Novel | ナノ

「……尊奈門。今回の戦っていつ終わるのかな」

「はあ?」

木の上で竹筒から雑炊をすすりつつ、私は傍に控えていた諸泉尊奈門に愚痴のような言葉を漏らした。

「何を言ってるんですか組頭、今回の戦はまだ準備も整っていない段階だというのに。らしくもない」

「うーん」

らしくない。確かに戦について、つまりは己が仕える殿の行いについて苦言を呈するような真似をするなど、普段の私では考えられない行為だろう。忍びとして粛々と任務をこなし、城のために奉仕するのが私の本分。今だって合戦場となる予定の平地にて部下に地形の調査をさせている真っ最中だ。

しかしながら、今回は。

「忍術学園に何か気になることでも?」

私の視線に気づいたらしい尊奈門が、怪訝な表情を浮かべて問う。恐らく私の見ている方角に忍術学園があることから推測したに違いない。竹筒から雑炊をズズッと吸い上げながら私は「まあね」と相槌だけを返した。
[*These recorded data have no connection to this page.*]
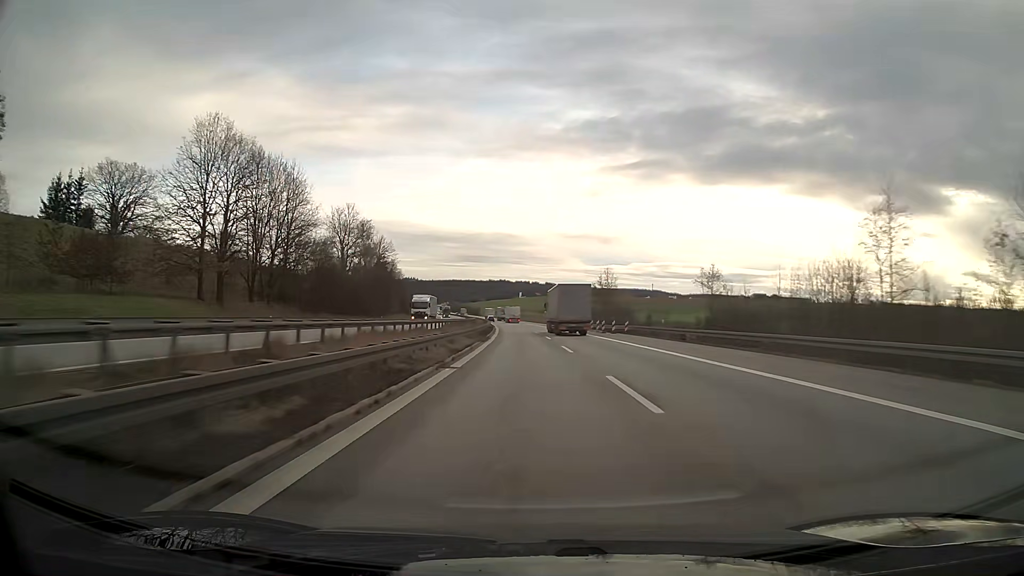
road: motorway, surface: asphalt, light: Day
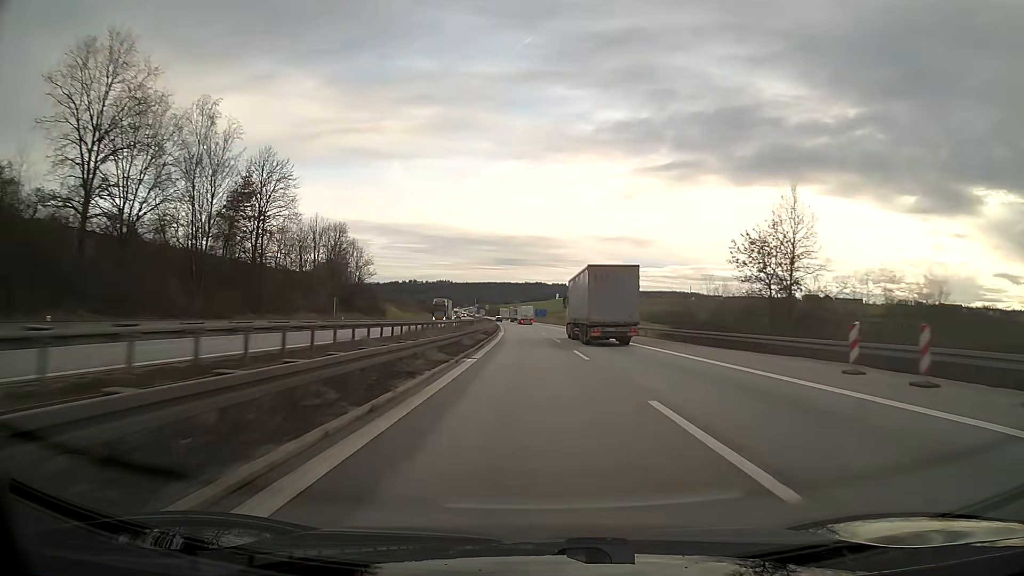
(-2.1, +76.0) m; -3°
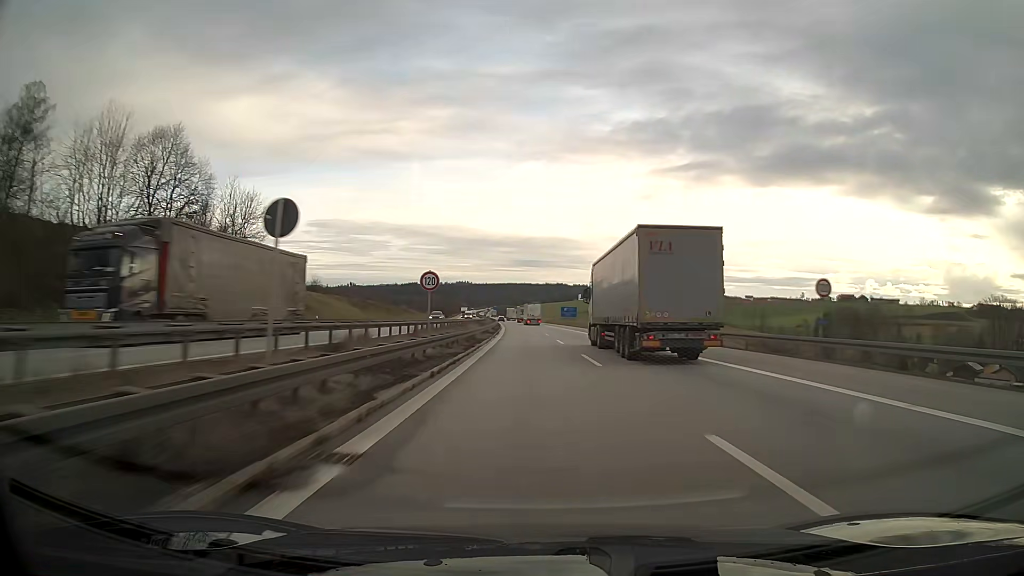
(-0.9, +57.0) m; -2°
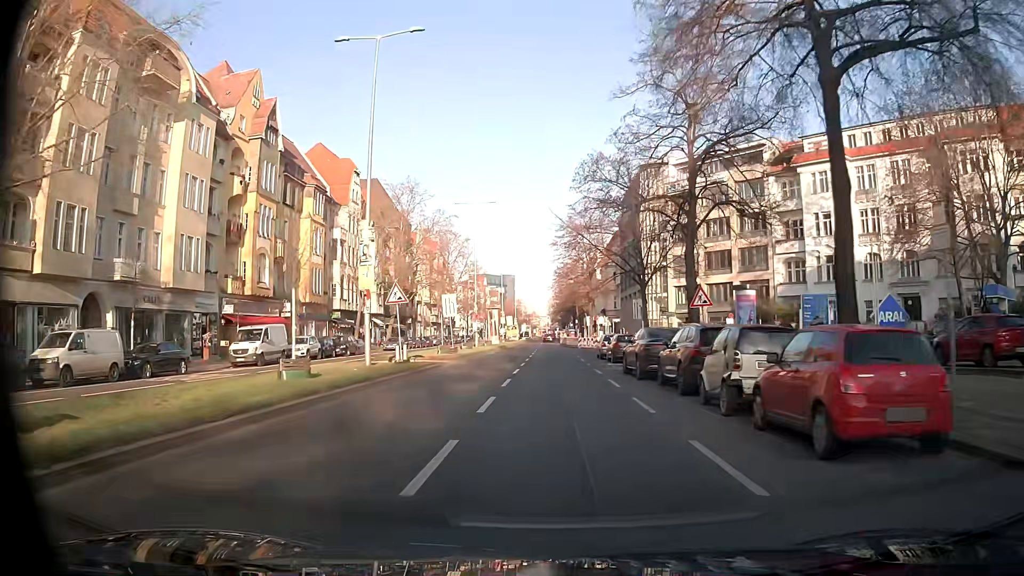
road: tertiary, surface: asphalt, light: Day
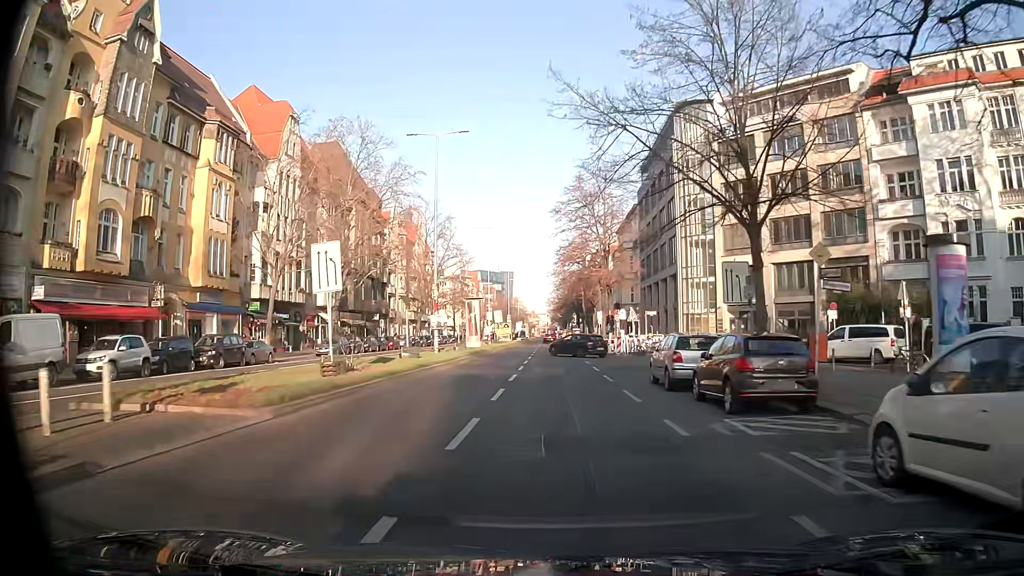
(-0.1, +21.7) m; 0°
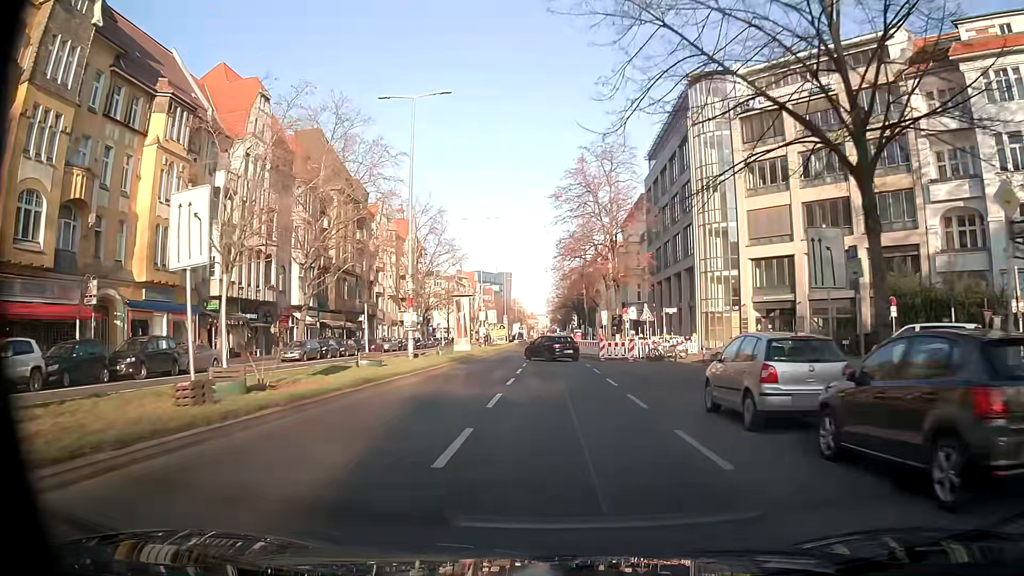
(0.0, +7.1) m; 0°
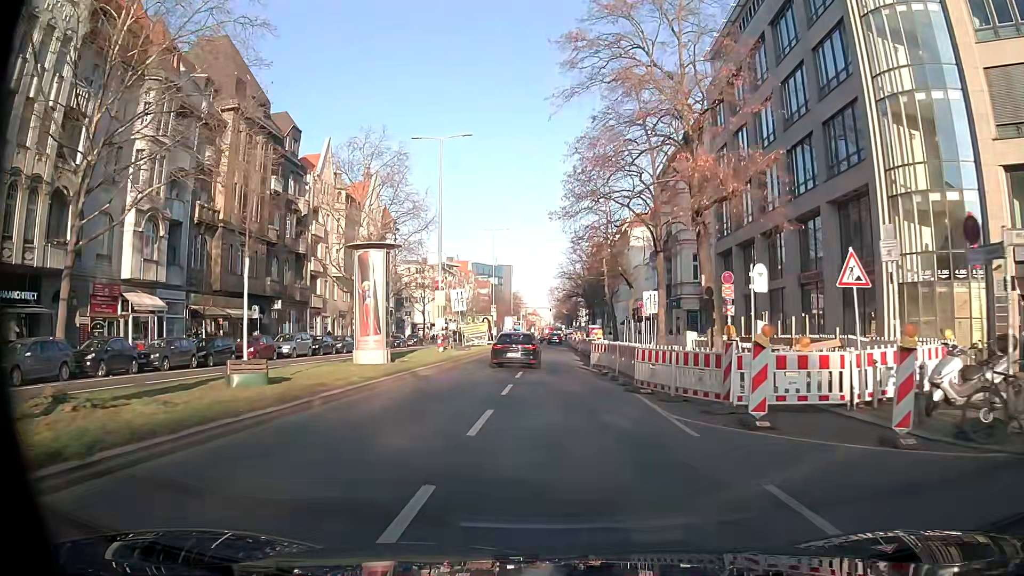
(-0.3, +28.0) m; -1°
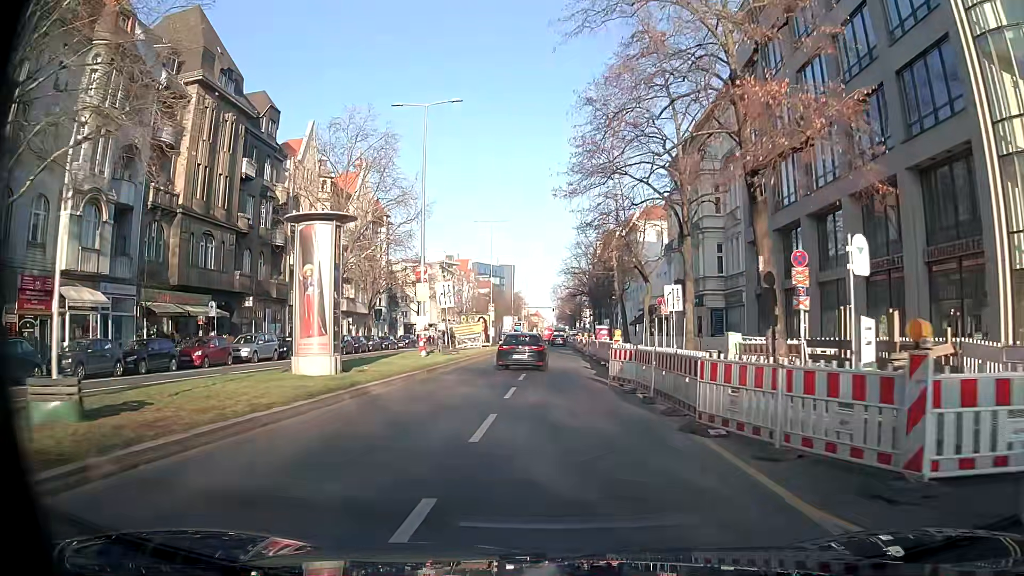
(0.0, +6.4) m; 0°
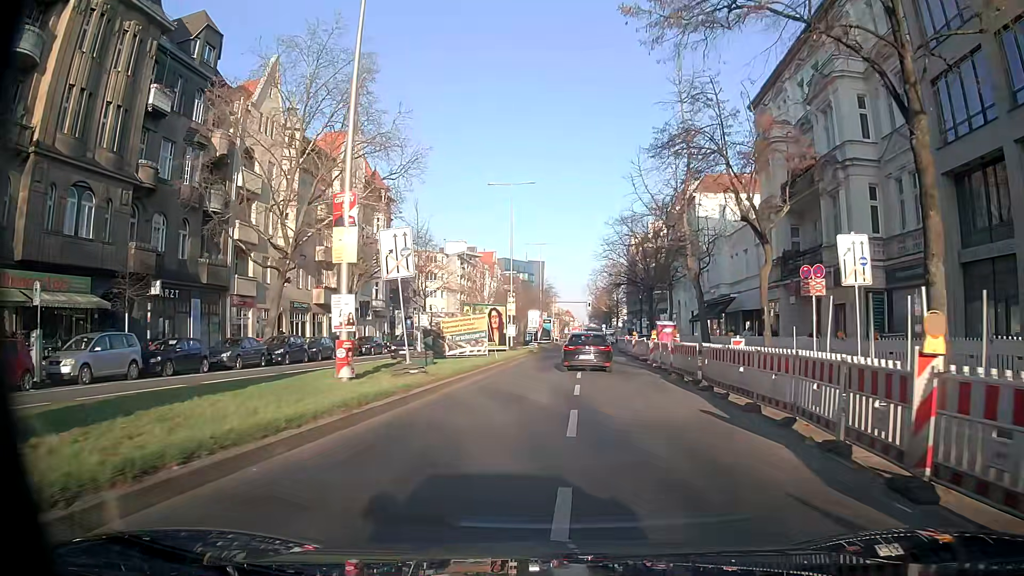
(-0.6, +17.4) m; -2°
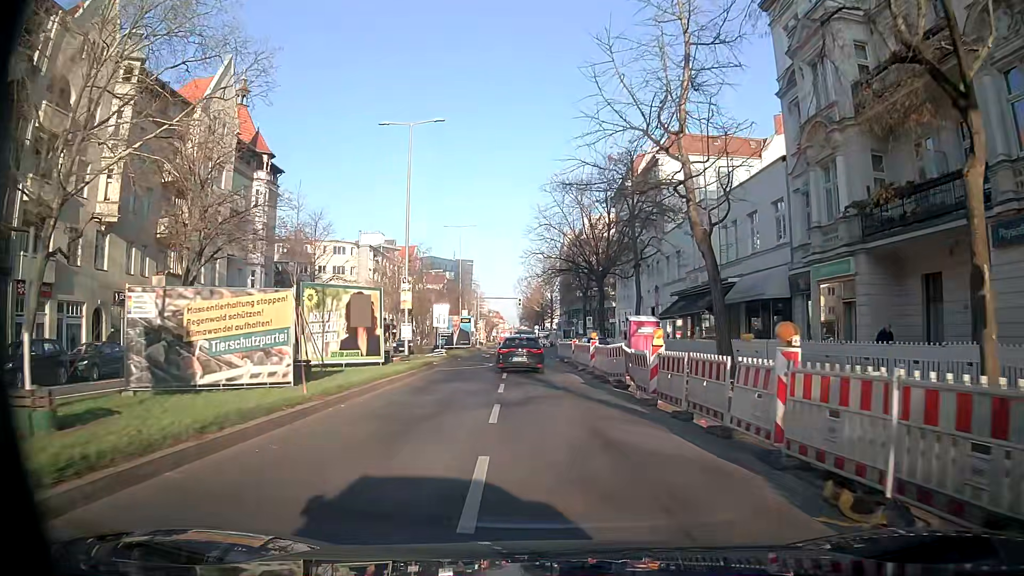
(+0.8, +16.4) m; +5°
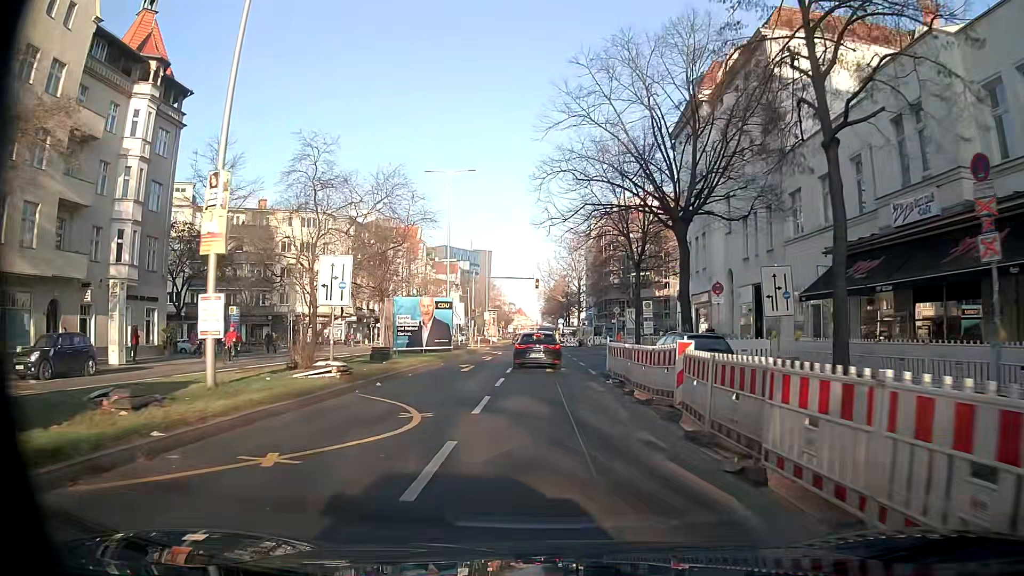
(-0.2, +23.3) m; -1°

「そこまで気になるというのなら私が調べておきますが……。組頭がここを離れるわけにはいきませんが、私なら問題はないですし」

「その申し出はありがたいんだけどね、尊奈門が行っても調べるのは難しいんじゃないかな」

「んなっ!?」

途端に「たかが忍術学園内のことを調べるのが難しいなんて」だの「組頭は私が忍たまに後れを取るとでも思っているのですか」などと騒ぎ出す尊奈門。その喧騒を聞き流しながら、私は中身を飲みほした竹筒を懐にしまい、改めて忍術学園の方角へ視線を向ける。べつに私は尊奈門の力量が忍術学園の生徒より劣っているなどとは考えていない。考えていないけど、でも君、土井先生に会ったら調査のことなんて忘れて勝負しようとするんじゃないの。

それに尊奈門でなくとも調べるのは難しいだろう。私が知りたいのは忍術学園の戦力や見取り図といった、目に見える情報ではない。生徒たちが口を閉ざしてしまえばそれだけで外部の者には一切分からなくなってしまうような、そんな不確かな情報。―――天女と呼ばれる存在について。

(衣織ちゃんっていったっけ。懐柔しやすそうな子ではあったけど)

ああいう性質の人間は、忍者からしてみればとても助かる存在だ。上手くこちらを信用させることさえできれば、まるで手の平の上で踊るかのごとく意のままに動いてくれる。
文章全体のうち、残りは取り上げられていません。